So, I stole his code and put it inside my workflow (with credit, of course).
- name: Remove unnecessary packages
run: | # stolen from https://github.com/easimon/maximize-build-space
echo "=== Before pruning ==="
df -h
sudo rm -rf /usr/share/dotnet
sudo rm -rf /usr/local/lib/android
sudo rm -rf /opt/ghc
echo
echo "=== After pruning ==="
df -h
Here is some output:
=== Before pruning ===
Filesystem Size Used Avail Use% Mounted on
/dev/root 84G 52G 32G 63% /
-snip-
=== After pruning ===
Filesystem Size Used Avail Use% Mounted on
/dev/root 84G 35G 49G 42% /
-snip-
Pretty good - I liberated an extra 17G with that. Sadly, that job still ran out of space while compiling Linux.
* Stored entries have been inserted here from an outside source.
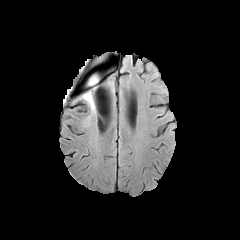
FLAIR magnetic resonance.
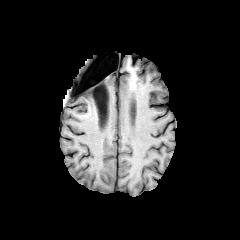
Same slice, T1-weighted MR.
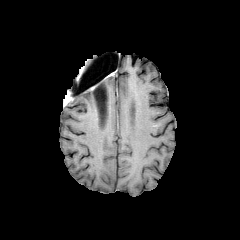
Post-contrast T1-weighted MR of the same slice.
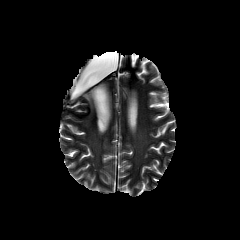
T2-weighted MR image.
* edema: [x1=85, y1=75, x2=98, y2=89], [x1=80, y1=81, x2=99, y2=113]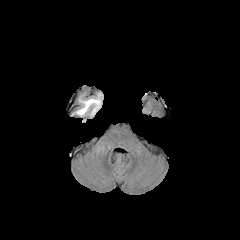
FLAIR MR.
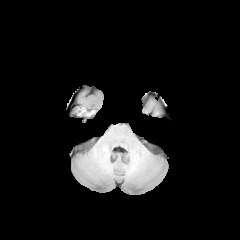
Same slice, T1-weighted MRI.
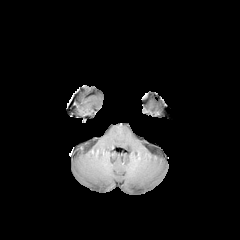
Post-contrast T1-weighted MR image.
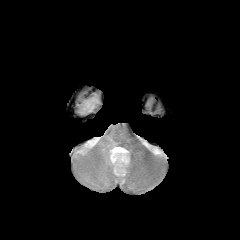
Same slice, T2-weighted MR.
Brain
Edema at (left=77, top=96, right=100, bottom=115).
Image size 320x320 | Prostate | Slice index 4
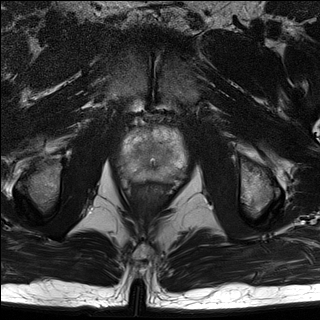
T2-weighted MRI.
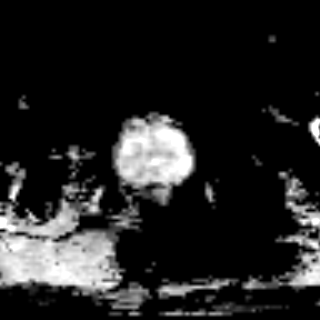
ADC magnetic resonance.
{"prostate_peripheral_zone": ["120, 128, 186, 182"], "prostate_transition_zone": ["134, 128, 172, 168"]}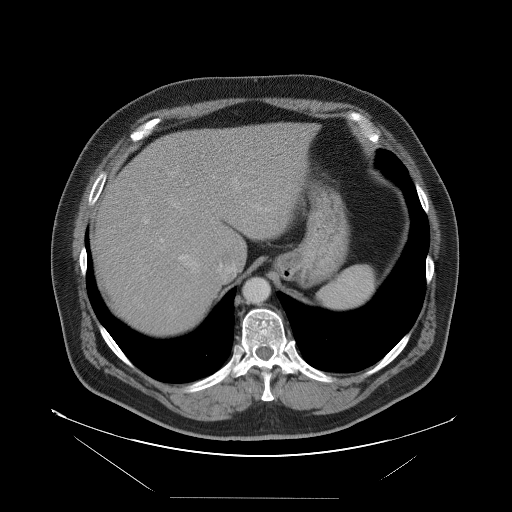
Abdomen; CT image

Only some of the vessels may be annotated.
<segmentation>
  <hepatic_vessel>180 255 187 259, 143 218 148 223, 192 268 194 270, 160 239 162 241</hepatic_vessel>
</segmentation>
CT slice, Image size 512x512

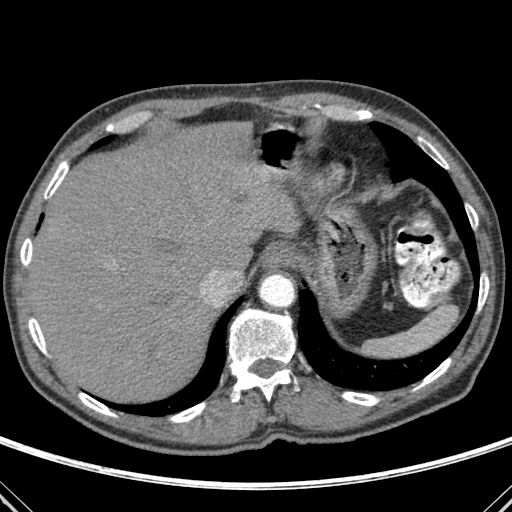 Liver lesion: bbox=[233, 188, 247, 203].
Liver: bbox=[28, 121, 297, 403].
Lung: bbox=[91, 136, 112, 148]; bbox=[298, 122, 476, 390]; bbox=[96, 297, 242, 416].
Bone: bbox=[418, 137, 448, 168]; bbox=[44, 161, 68, 198]; bbox=[416, 358, 451, 388]; bbox=[20, 238, 32, 265]; bbox=[170, 402, 205, 422]; bbox=[478, 275, 489, 309]; bbox=[78, 392, 115, 416]; bbox=[465, 204, 478, 228]; bbox=[28, 318, 46, 353]; bbox=[229, 309, 295, 401]; bbox=[342, 392, 379, 405].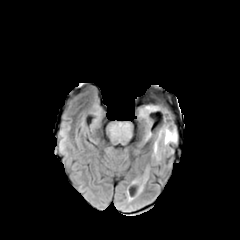
FLAIR MR image.
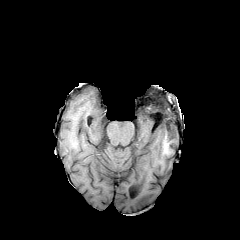
Same slice, T1-weighted MRI.
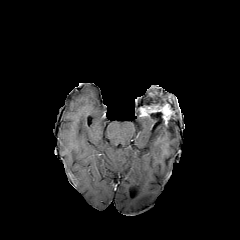
Post-contrast T1-weighted MR.
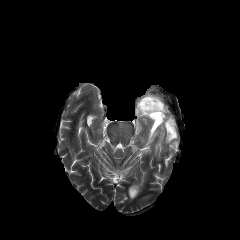
Same slice, T2-weighted MR.
<segmentation>
  <non-enhancing_tumor_core><bbox>149, 111, 171, 131</bbox></non-enhancing_tumor_core>
  <enhancing_tumor><bbox>138, 103, 171, 125</bbox></enhancing_tumor>
  <edema><bbox>144, 123, 152, 142</bbox>, <bbox>152, 120, 177, 160</bbox></edema>
</segmentation>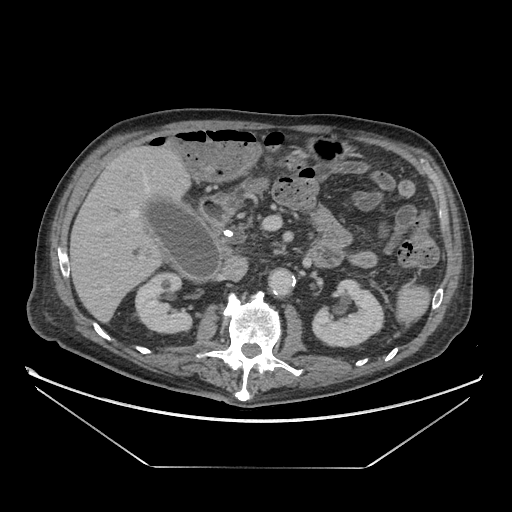 CT, Image size 512x512, Upper abdomen

- pancreas: (227, 222, 251, 244)
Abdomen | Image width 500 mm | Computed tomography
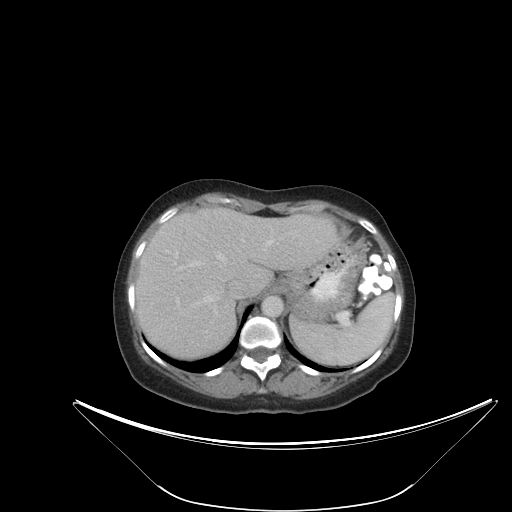

Not every hepatic vessel necessarily has a box.
{
  "hepatic_vessel": [
    "bbox=[219, 254, 227, 263]",
    "bbox=[192, 295, 218, 305]",
    "bbox=[267, 241, 272, 244]",
    "bbox=[177, 298, 178, 301]",
    "bbox=[236, 283, 239, 286]"
  ]
}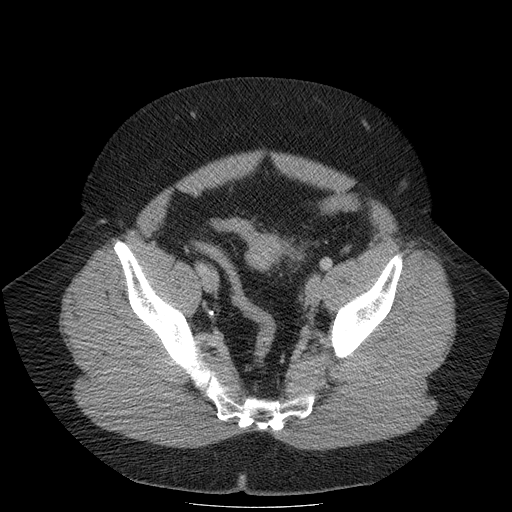
CT scan slice

colon_tumor:
  - x1=244, y1=236, x2=282, y2=268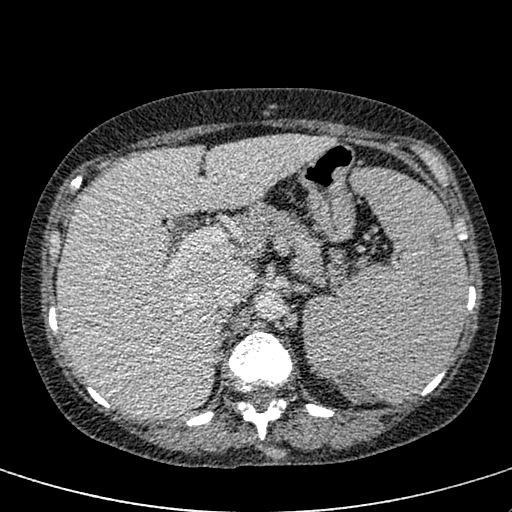

Computed tomography.

liver:
  - [58,136,335,419]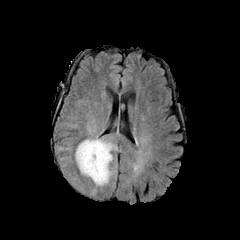
FLAIR magnetic resonance.
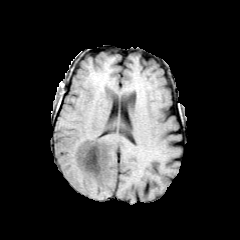
T1-weighted magnetic resonance of the same slice.
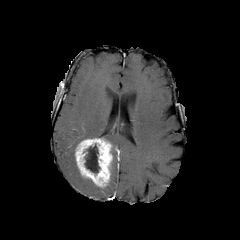
Same slice, post-contrast T1-weighted MR.
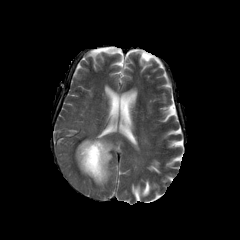
T2-weighted MRI.
Brain
The enhancing tumor appears at l=75, t=138, r=112, b=186. The non-enhancing tumor core is bounded by l=84, t=146, r=99, b=172.

But wait a moment - I’m not using any of those preinstalled tools, I’m using Nix! Instead, I could just1
sudo rm -rf /usr/share /usr/local /opt || true
and
=== Before pruning ===
Filesystem Size Used Avail Use% Mounted on
/dev/root 84G 52G 32G 63% /
-snip-
=== After pruning ===
Filesystem Size Used Avail Use% Mounted on
/dev/root 84G 17G 67G 20% /
-snip-
and with this whopping 35G of extra space, it works!
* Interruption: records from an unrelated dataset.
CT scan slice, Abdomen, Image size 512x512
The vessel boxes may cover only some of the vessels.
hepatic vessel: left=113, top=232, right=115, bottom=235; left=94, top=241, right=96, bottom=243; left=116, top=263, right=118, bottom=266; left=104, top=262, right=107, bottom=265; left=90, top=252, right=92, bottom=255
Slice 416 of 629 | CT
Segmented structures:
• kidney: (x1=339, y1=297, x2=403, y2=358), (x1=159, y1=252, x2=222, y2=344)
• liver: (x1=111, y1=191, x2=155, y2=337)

Don’t worry, it doesn’t always take 2 hours to build; once the Linux kernel is stored in Cachix, it only takes 15 minutes.
workflow_call
to fix some stupid quirks about Github Actions
3. Using I had a very simple automated version bump action that ran every Tuesday at 06:00 PST. It:
- checks out the infra repo
- runs
nix flake bump
- pushes the change
- submits a PR
Here’s an example of a PR it made:
Look at this cute little PR here with a cute green checkmark next to it. Isn’t it just begging to be merged in? The green checkmark means that my battery of tests that I wrote above that went through successfully, and that it’s safe to deploy on my machines!
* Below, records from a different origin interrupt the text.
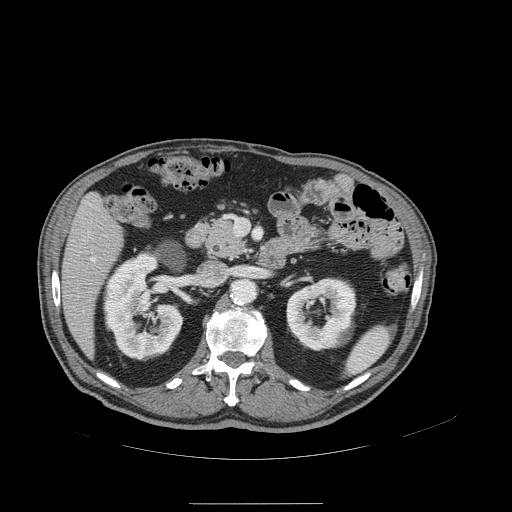 Computed tomography | Upper abdomen
<segmentation>
  <pancreas>[x1=202, y1=216, x2=250, y2=262]</pancreas>
</segmentation>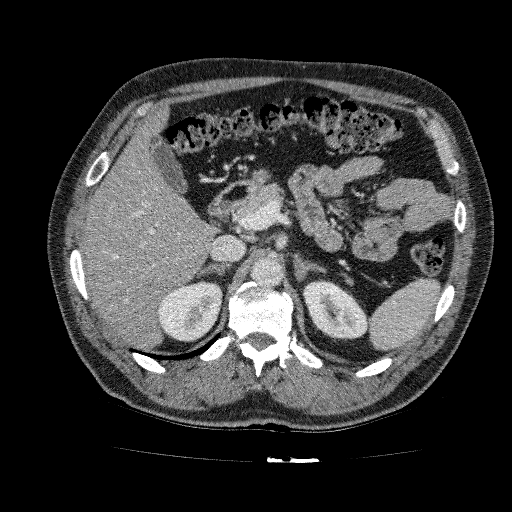
Upper abdomen, CT slice

<segmentation>
  <liver>x1=81 y1=106 x2=220 y2=349</liver>
  <kidney>x1=157 y1=282 x2=221 y2=340, x1=304 y1=282 x2=366 y2=337</kidney>
</segmentation>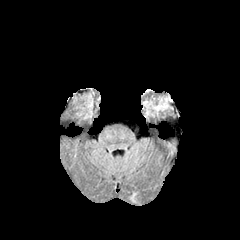
FLAIR MRI.
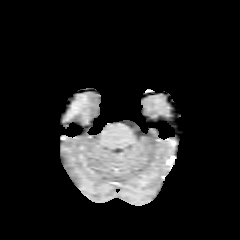
T1-weighted MR image of the same slice.
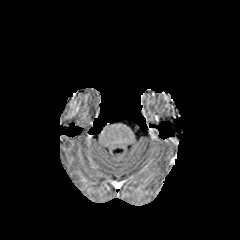
Post-contrast T1-weighted MRI.
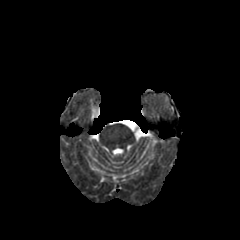
T2-weighted MR image.
Brain
Segmented structures:
- edema: <bbox>144, 94, 173, 115</bbox>
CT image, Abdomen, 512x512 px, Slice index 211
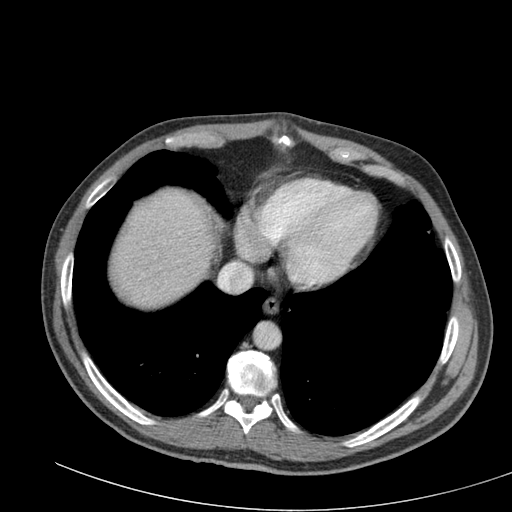

<segmentation>
  <liver><box>112,189,214,306</box></liver>
</segmentation>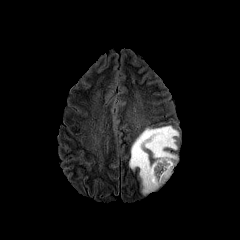
FLAIR MR.
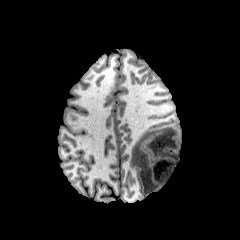
T1-weighted MR.
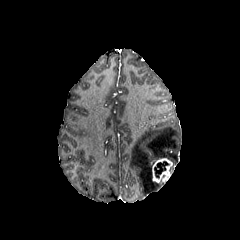
Post-contrast T1-weighted MRI of the same slice.
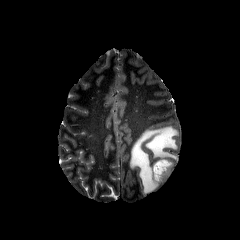
Same slice, T2-weighted MR.
Findings:
• non-enhancing tumor core: [154, 161, 168, 177]
• edema: [129, 126, 178, 194]
• enhancing tumor: [152, 157, 172, 183]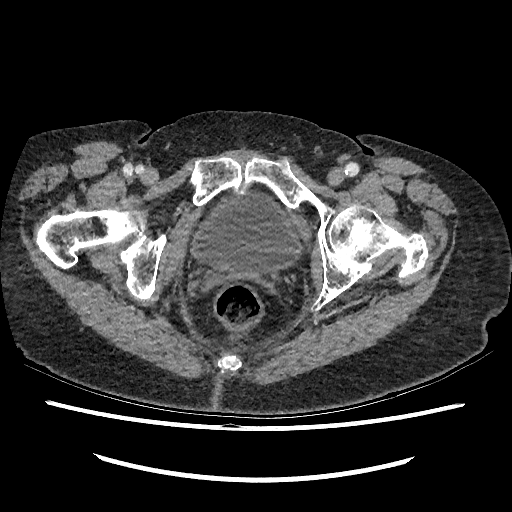

Pelvis; CT image
Urinary bladder: bounding box box=[186, 188, 304, 277].

Nope! Just Terraform. None of my automated tests. That green checkmark was lying to you.
See, you’d think that because this code was pushed to the repo, that the
on.push
trigger would fire in the checking action, and it would, y’know,
actually run the checks. Turns out, Github doesn’t fire events on when code is
pushed by an automated runner,
and that’s something they do on purpose to prevent you from accidentally creating an infinite loop.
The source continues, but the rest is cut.